Milestones: De La Soul Is Dead by De La Soul
The hippie costume never fit, so they burned it. Three guys from Amityville built a whole album out of the bonfire.
Arsenio Hall stood in front of his studio audience and introduced three guys as “the hippies of hip-hop.” They were about to perform “Me Myself and I,” a track whose whole point was we are not hippies. Cameras rolled. The audience clapped. And the gap between who these guys said they were and who the industry kept insisting they were got wider by the minute. Kelvin Mercer, David Jolicoeur, and Vincent Mason, better known as Posdnuos, Trugoy the Dove, and Maseo, had come out of Amityville Memorial High School on Long Island’s South Shore. They met their producer Prince Paul through a junior high music teacher who also drummed for the Isley Brothers, and together they made 3 Feet High and Rising, one of the most celebrated debut albums in hip-hop. The celebration came with a leash. Photo shoots wanted flowers. The press latched onto the D.A.I.S.Y. acronym. Journalists kept writing “flower children” into their copy like it was an established fact. They didn’t just reject that image on their second album. The cover is a painting of a smashed flower pot with three daisies wilting out of the wreckage, and the title says it plain: whatever you thought we were is dead now.

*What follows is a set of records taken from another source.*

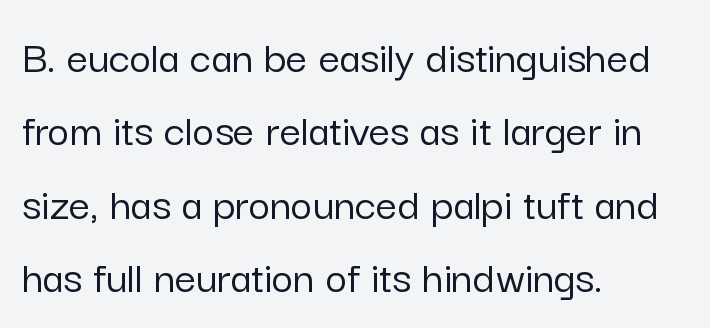
{"serif": "no", "italic": "no", "width": "normal", "stroke_contrast": "low", "x_height": "medium", "monospaced": "no", "underline": "no", "align": "left", "line_spacing": "normal", "line_spacing_ratio": 1.56, "letter_spacing": "normal", "letter_spacing_em": 0.0, "glyph_px": 47}
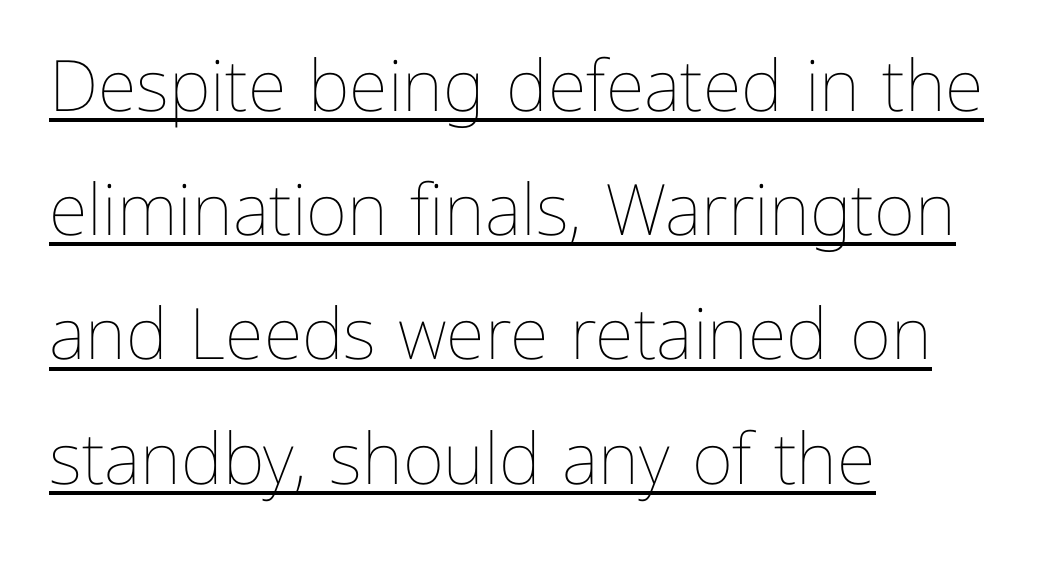
Do the characters align in a grid? No, the font is proportional. The face used here appears with an underline applied. If you drew a ruler down the left edge, every line would touch it. The typography opts for an upright posture over an oblique one. Stroke thickness stays within the range of a standard reading face or lighter.
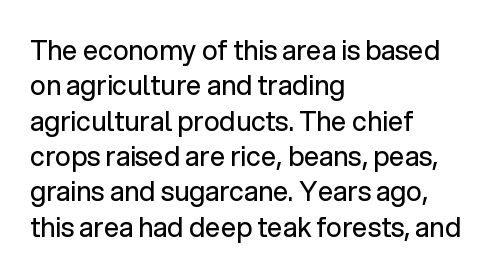
Line beginnings align vertically; line endings do not. The typography opts for an upright posture over an oblique one. Baseline-to-baseline distance is the conventional proportion of letter height. The characters are drawn with everyday or finer stroke widths. Here the glyphs are tracked normally, forming tight word shapes.
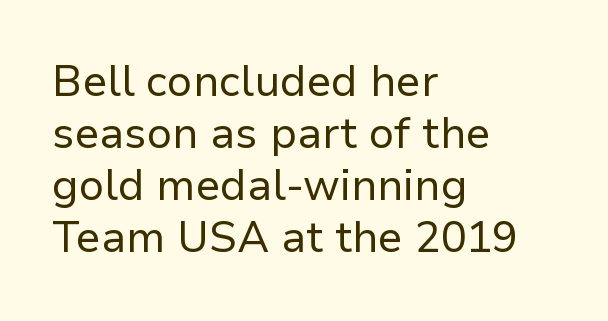
The image shows 43 px regular-weight sans-serif type, upright; set left-aligned, line spacing 1.21x, normal letter spacing, not underlined; low stroke contrast and a medium x-height.
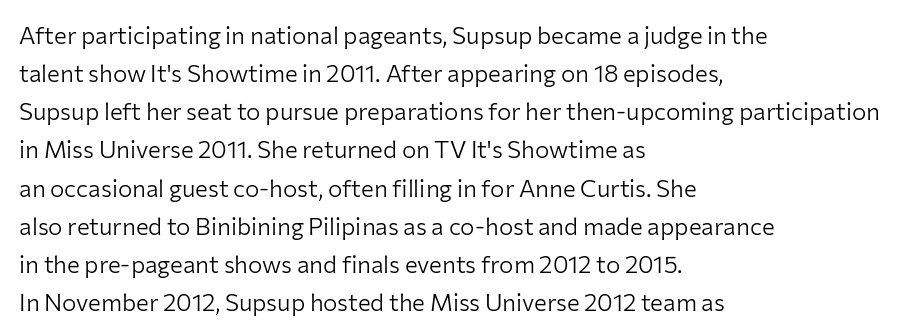
{"italic": "no", "bold": "no", "underline": "no", "align": "left", "line_spacing": "normal", "line_spacing_ratio": 1.59, "letter_spacing": "normal", "letter_spacing_em": 0.0, "glyph_px": 24}
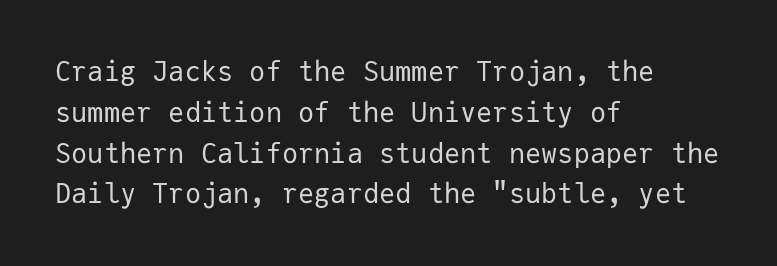
The image shows 27 px text type, upright; set left-aligned, normal line spacing (1.51x), normal letter spacing, not underlined.
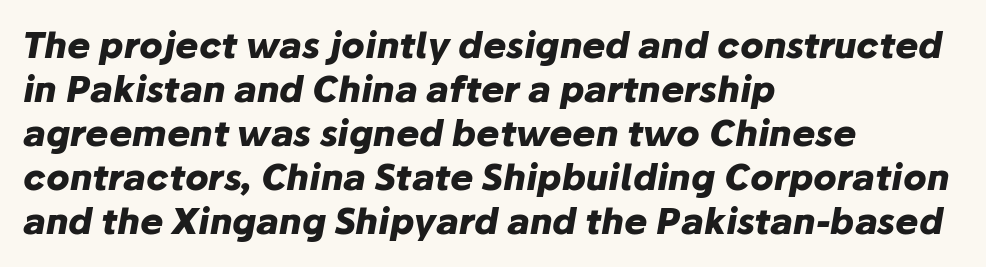
{"italic": "yes", "lean": "right", "slant_degrees": 10, "bold": "yes", "weight": "heavy", "width": "normal", "stroke_contrast": "low", "x_height": "medium", "monospaced": "no", "underline": "no", "align": "left", "line_spacing": "normal", "line_spacing_ratio": 1.26, "letter_spacing": "normal", "letter_spacing_em": 0.0, "glyph_px": 35}
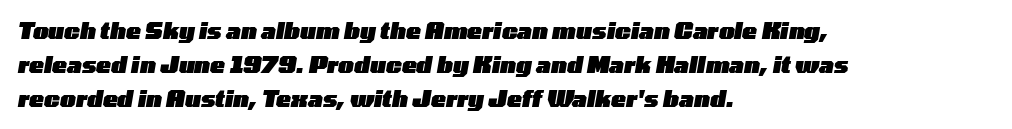
This is heavy type, rendered in bold. Whoever set this chose a conventional vertical rhythm. Type without underlining. The letterforms sit shoulder to shoulder at normal distance.
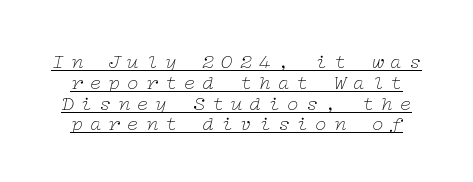
{"italic": "yes", "lean": "right", "slant_degrees": 12, "bold": "no", "underline": "yes", "line_spacing": "tight", "line_spacing_ratio": 1.04, "letter_spacing": "wide", "letter_spacing_em": 0.34, "glyph_px": 20}
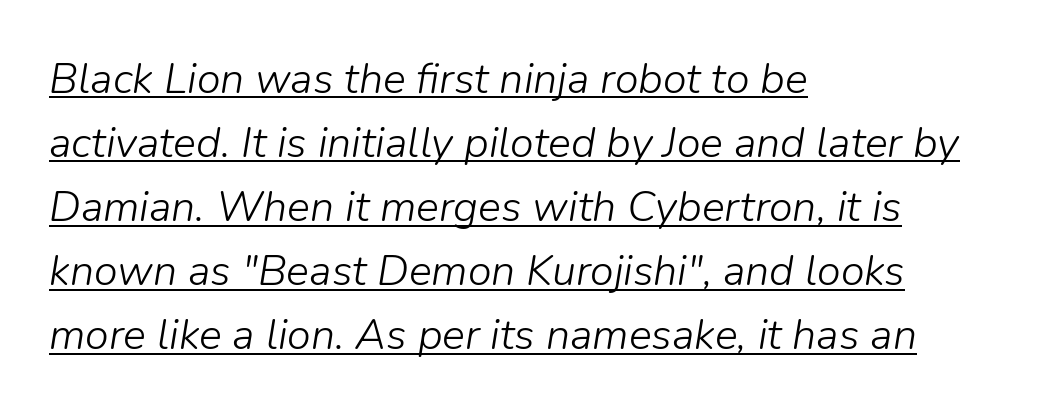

A kid named Jeff finds a De La Soul cassette in the garbage. Gets jumped by neighborhood bullies who steal the tape. Those bullies, led by a character called Hemorrhoid (voiced by Mista Lawnge of Black Sheep), spend the rest of the album listening and trashing every cut while the skits parody old children’s read-along tapes—complete with a chime that tells you when to turn the page. A fake radio station called WRMS plays nothing but “De La Slow” music. Prince Paul took the format of something gentle and kiddie and filled it with contempt, because the bullies aren’t just comic relief. They’re every dismissive listener, every A&R guy who wanted another “Me Myself and I,” every interviewer who asked about peace signs. The group built a fictional audience into the album just to let that audience fail them.
“Oodles of O’s” has Pos and Trugoy trading bars where every line ends on the same vowel sound, riding that constraint with loose pleasure over a jazzy descending bassline. Gone are the candy-colored synths of the debut. “Pease Porridge” stutters and bounces on a beat made from tap-dancing samples and the Harlem Globetrotters theme, and lyrically it’s a dare. We have a peace sign in our logo and we’ll still get in your face. “Bitties in the BK Lounge” is basically a comedy sketch about a disgruntled Burger King employee, “a BK mademoiselle, wrinkled uniform and bottom bell, and some jelly stuff on her sleeve.” Pos takes the first section from the customer’s perspective, flips it, becomes the employee himself. Tempos switch multiple times. Maseo gets more mic time than he had on anything prior. The humor is broader and goofier and meaner, and nobody’s asking you to like them.
Posdnuos’s older brother got hooked on crack, and Pos rapped about it on “My Brother’s a Basehead” without softening a thing. Started smoking weed in high school, moved to cocaine, picked up the pipe around ‘86. Stole Pos’s belongings, got kicked out of their father’s house, tried church and rehab, and the track just stops with the brother moving to New York City, presumably still using. Pos told Melody Maker he had strong feelings about it and didn’t care if people thought it was too personal. There’s no resolution because there wasn’t one to give. Prince Paul believed part of the motivation was trying to reach the brother—that Pos couldn’t say it to his face so he put it on wax. The brother eventually got clean, but the song doesn’t know that yet. On an album full of Burger King jokes and roller-skating jams it sits without apology or introduction.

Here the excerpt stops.